Upon visiting Pakistan for the second time in my life, it was not difficult to see that Pakistanis are in love with colour. From the vibrant threads that adorn everything from us humans, to our animals, from architecture to jewellery, spices to textiles, even our food is colourful. Not to mention the immense and varied natural colours this land has been blessed with. It is clear that Pakistan is a dense, complex and unbelievably colourful tapestry. Owing to the political situation and media coverage, the blue of the burka, sandy khakis of military uniform and the dark crimson of blood are among the first hues to spring to mind for many who do not live there, but on my arrival last month, I was greeted instead with the hot pink of bougainvailleas, shalwar kamees' in every colour of the rainbow, and fruit carts brimming with mangoes the colour of the sun. Despite being on the brink of civil war and being burdened with immense poverty, the people of this country are resilient, resourceful, creative and I'll say it again, absolutely addicted to colour.
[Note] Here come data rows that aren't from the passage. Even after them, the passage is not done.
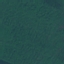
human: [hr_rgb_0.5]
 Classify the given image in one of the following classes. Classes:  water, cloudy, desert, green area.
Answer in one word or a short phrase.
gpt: green area
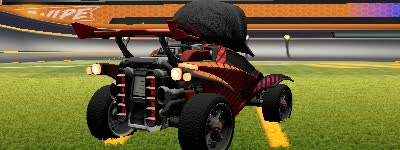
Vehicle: octane
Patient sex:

As a result, it seems exceptionally ironic and bizarre, that this piece on Pakistanis and colour is not a celebratory one. Our love and appreciation for diversity of shade applies to every aspect of life, bar one. And with this one aspect, we see not just the absence of love, rather, it is hatred. During my trip, I was overwhelmed by the incessant obsession with skin colour in Pakistan. With the need to have white skin.
This signs of this mental epidemic are plastered unashamedly across every billboard, woven in amongst the sounds of the sitar and drum in every Bollywood song, and are injected, mixed and measured into jars and syringes in every salon in the country. I was constantly scolded for sitting in the sun, not because of potential skin damage, but because a tan is regarded somewhat akin to contracting the plague. I met people who regularly bleach their skin with dangerous chemicals in desperation to lighten it, fuelling the demand for black market concoctions being pumped out to satisfy this frantic desperation. The most recent development in this booming industry is an injection, which apparently whitens the complexion, and happens to be carcinogenic.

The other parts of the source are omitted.